La cuestión ahora es si Rusia y China podrán mantener su pacto oportunista tras la decisión de Putin de ir a la guerra. Justo antes de la invasión, el ministro chino de asuntos exteriores Wang Yi señaló ante la Conferencia de Seguridad de Múnich la necesidad de proteger la «soberanía» y la «integridad territorial» de todos los países, y que «Ucrania no es la excepción». Y después, Xi llamó a Putin para explicarle que si bien comprende los temores de Rusia por su seguridad, China respeta la soberanía de los estados nacionales y sostiene los principios de la Carta de las Naciones Unidas. Al fin y al cabo, el Partido Comunista de China no quiere que potencias extranjeras interfieran en sus propios «asuntos internos», y ni hablemos de invadir China.

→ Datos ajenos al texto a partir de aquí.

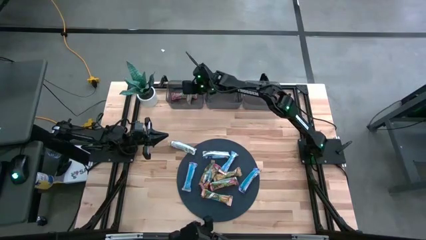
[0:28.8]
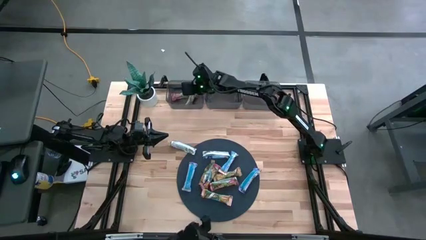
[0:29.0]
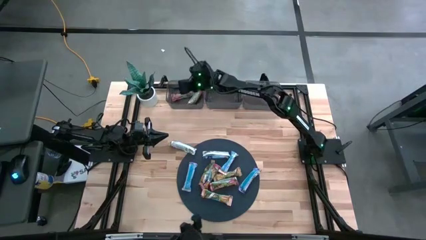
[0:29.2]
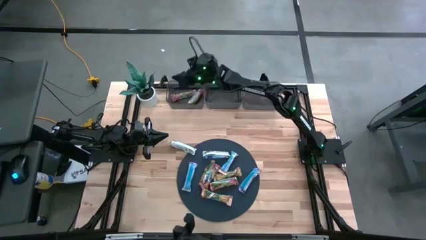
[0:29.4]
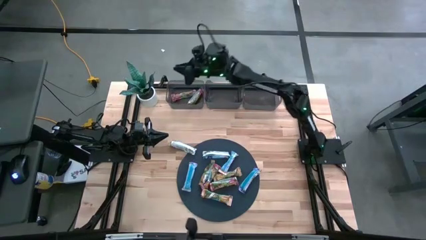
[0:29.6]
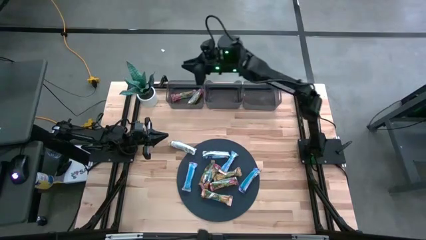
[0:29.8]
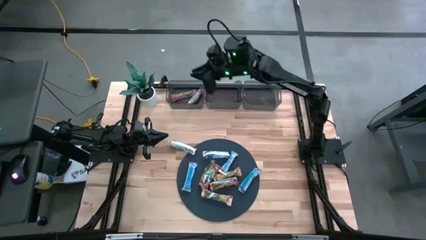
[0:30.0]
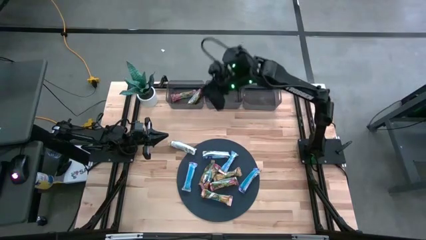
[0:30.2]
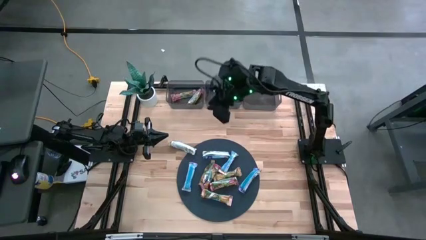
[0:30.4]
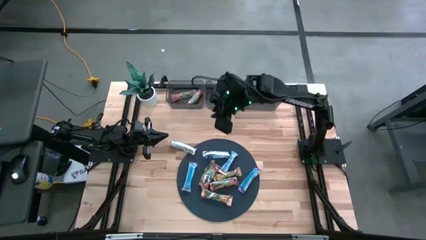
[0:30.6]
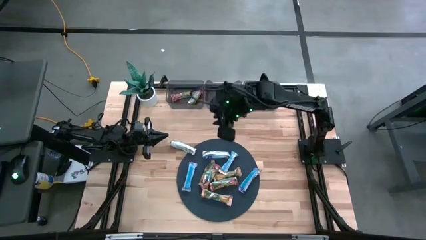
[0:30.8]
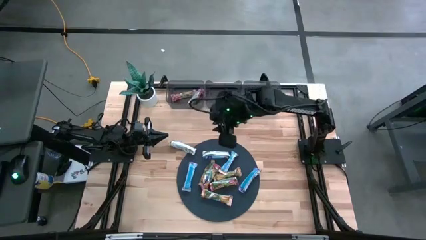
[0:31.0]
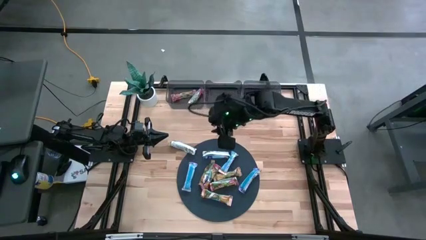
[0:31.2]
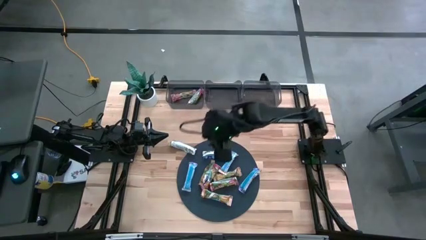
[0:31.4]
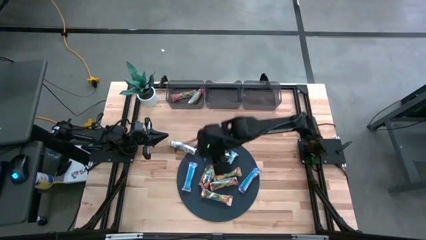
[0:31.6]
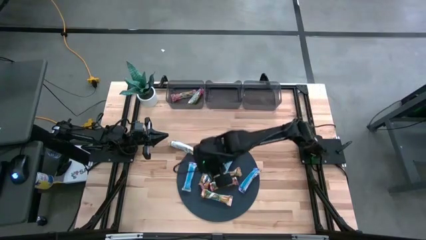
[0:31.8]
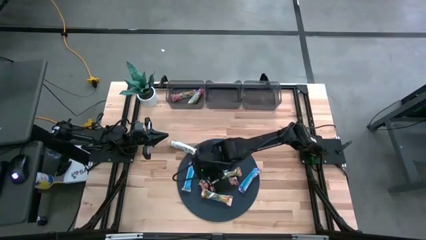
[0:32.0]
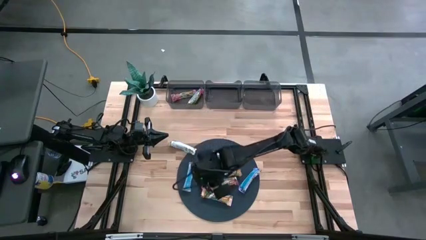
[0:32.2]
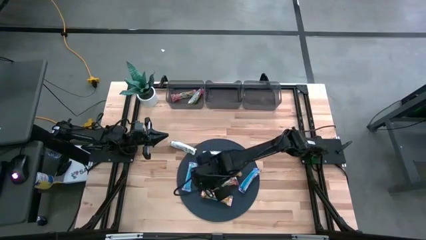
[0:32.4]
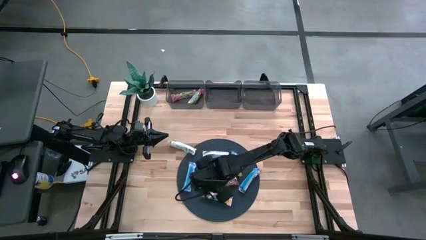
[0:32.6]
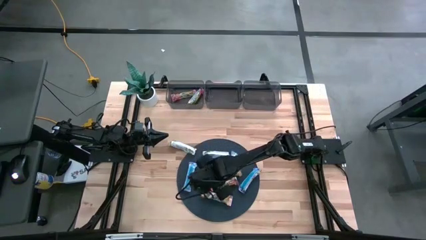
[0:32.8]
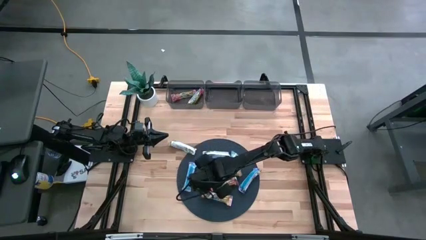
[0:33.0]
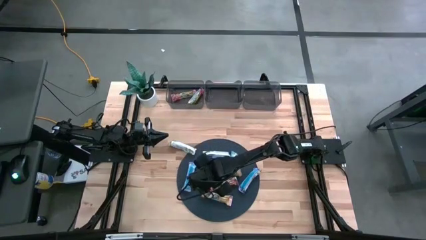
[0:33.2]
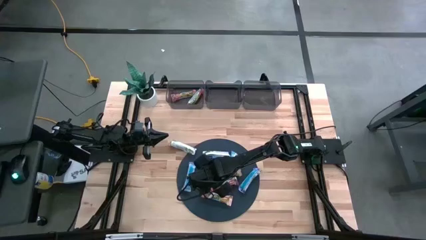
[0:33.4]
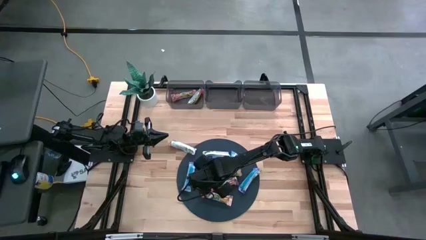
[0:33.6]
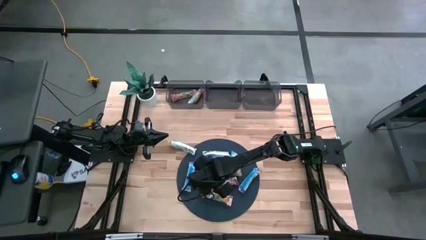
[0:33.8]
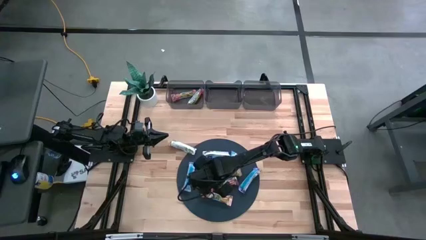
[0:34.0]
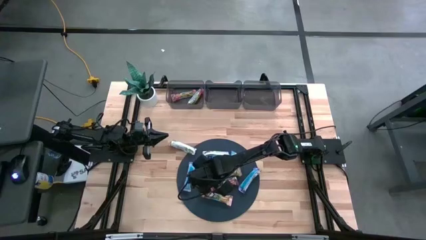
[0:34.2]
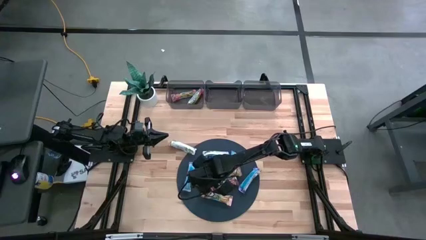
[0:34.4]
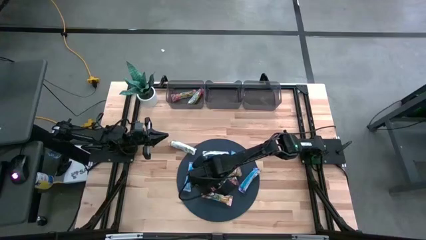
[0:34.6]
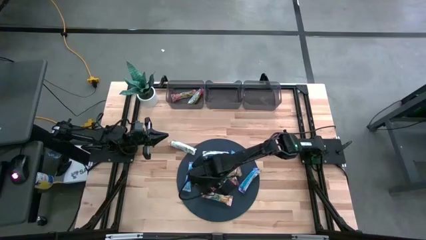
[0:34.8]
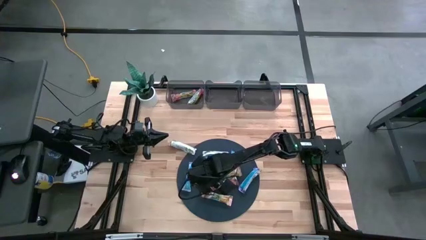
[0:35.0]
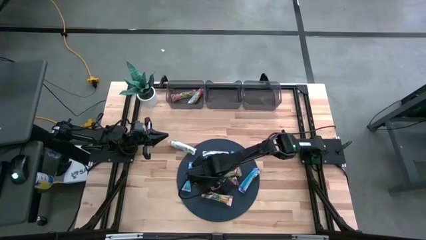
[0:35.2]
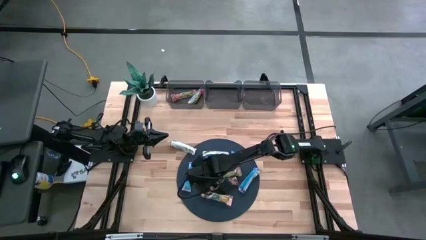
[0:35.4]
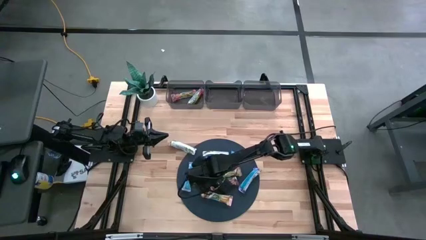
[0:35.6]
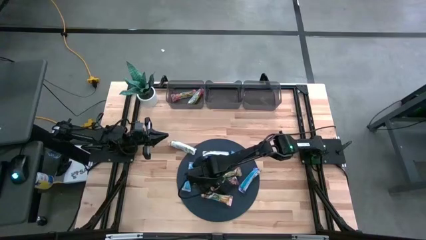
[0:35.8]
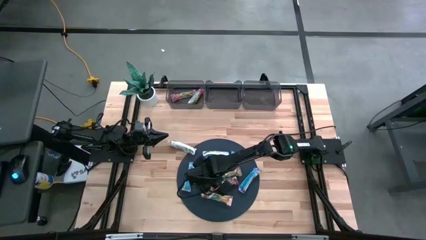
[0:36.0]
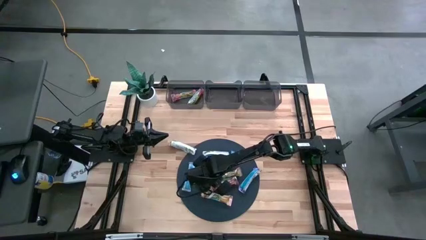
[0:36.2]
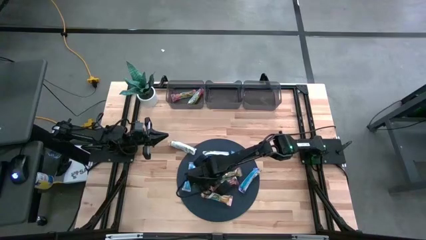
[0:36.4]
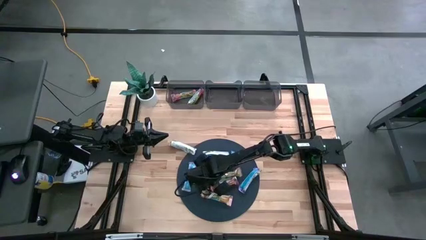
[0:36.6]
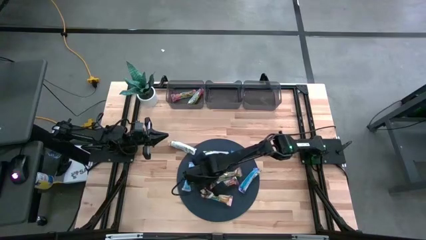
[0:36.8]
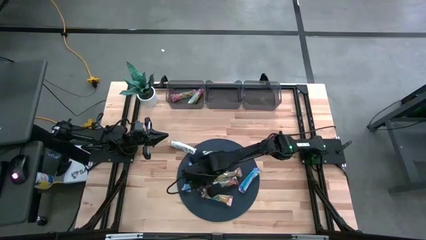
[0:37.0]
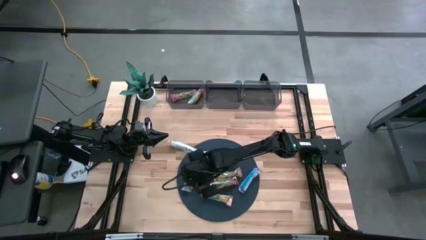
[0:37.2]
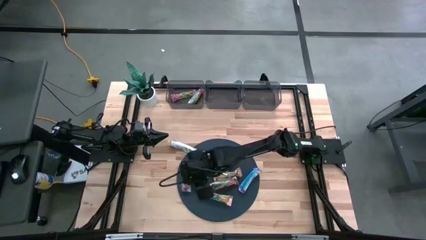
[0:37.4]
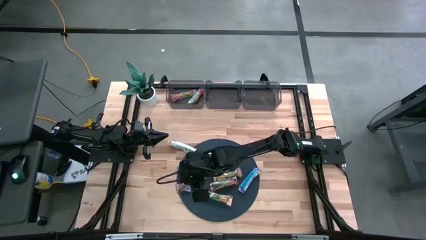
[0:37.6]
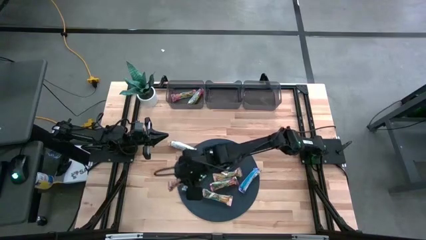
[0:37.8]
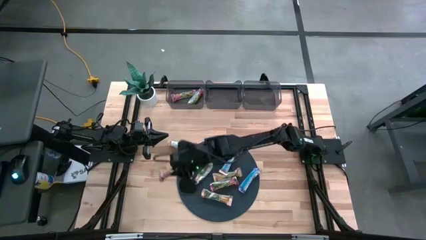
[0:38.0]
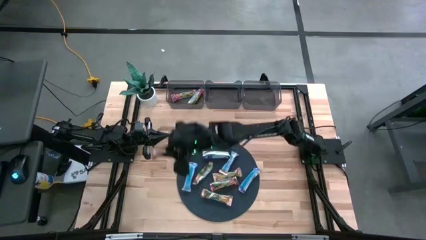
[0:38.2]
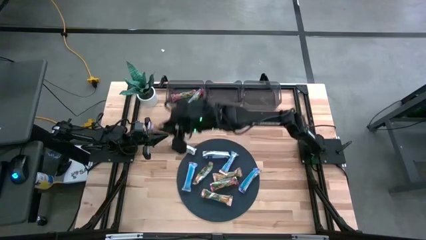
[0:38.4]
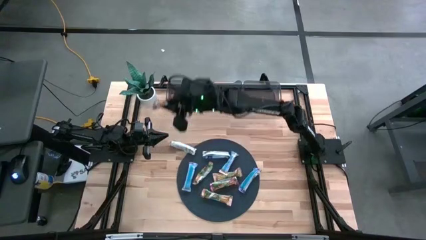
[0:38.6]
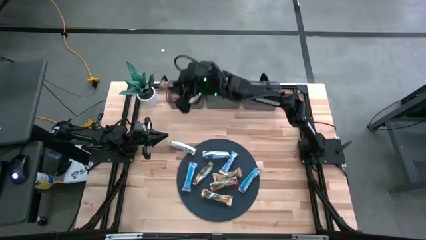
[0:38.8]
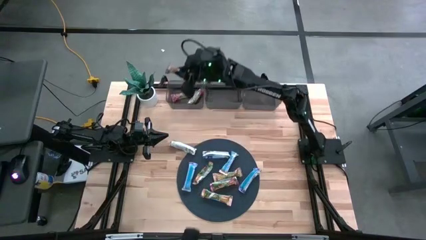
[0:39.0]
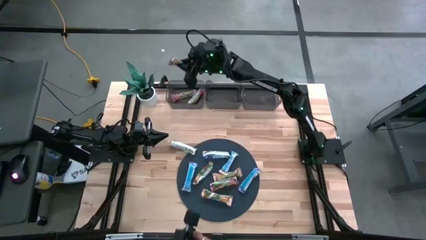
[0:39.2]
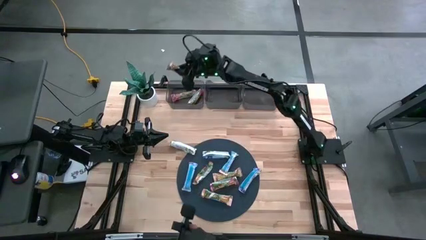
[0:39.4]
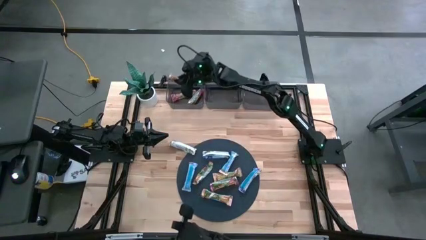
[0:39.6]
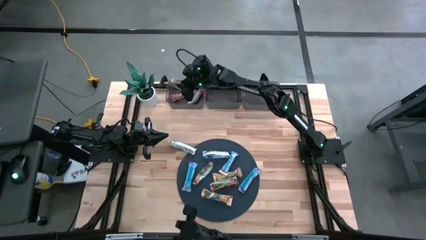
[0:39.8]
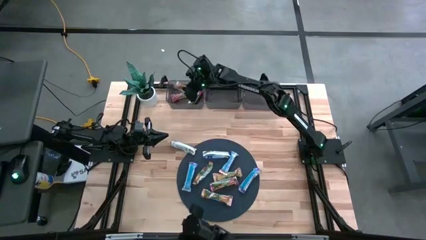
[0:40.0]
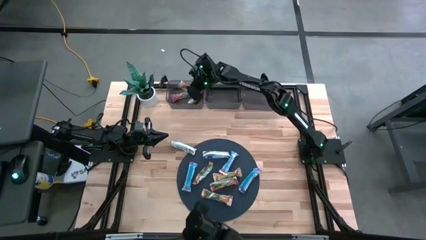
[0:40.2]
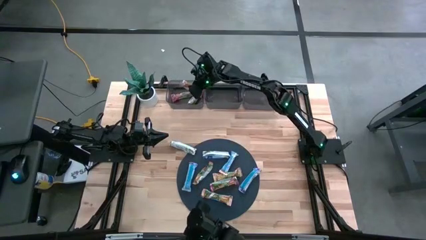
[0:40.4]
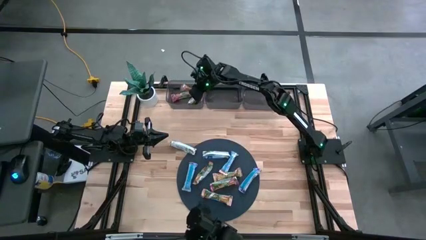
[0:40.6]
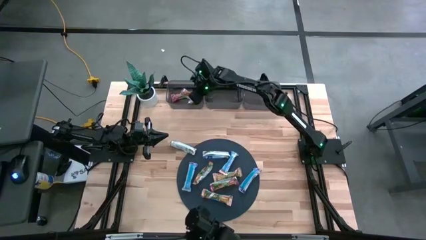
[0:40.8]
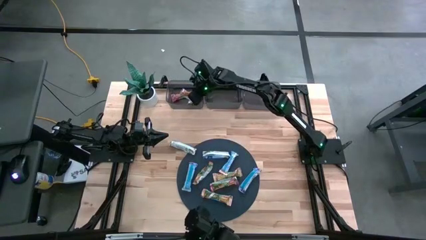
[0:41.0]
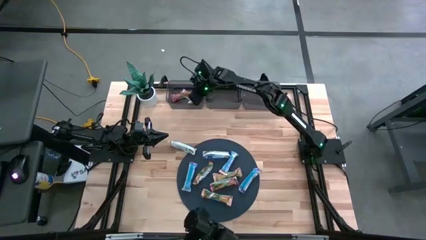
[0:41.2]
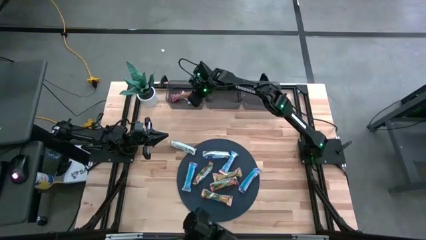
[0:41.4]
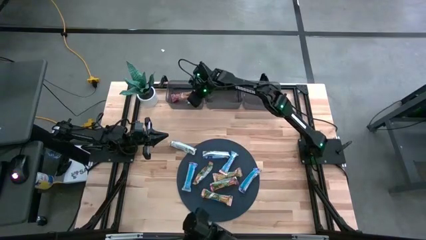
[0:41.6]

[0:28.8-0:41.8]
Task: Pick and place Granola Bars by type
Put the red granola bar into the left black bin

¿Cuál de estos imperativos resultará vencedor? Lo más probable es que la aversión compartida que profesan China y Rusia a la democracia liberal (y a los aires de superioridad de los líderes democráticos) terminará imponiéndose sobre la anticuada idea decimonónica de que la soberanía nacional es sagrada. El relato de victimización que mediante la reactualización de resentimientos da sustento psicológico al nacionalismo de ambos países es demasiado potente para que lo anulen las sutilezas del derecho internacional.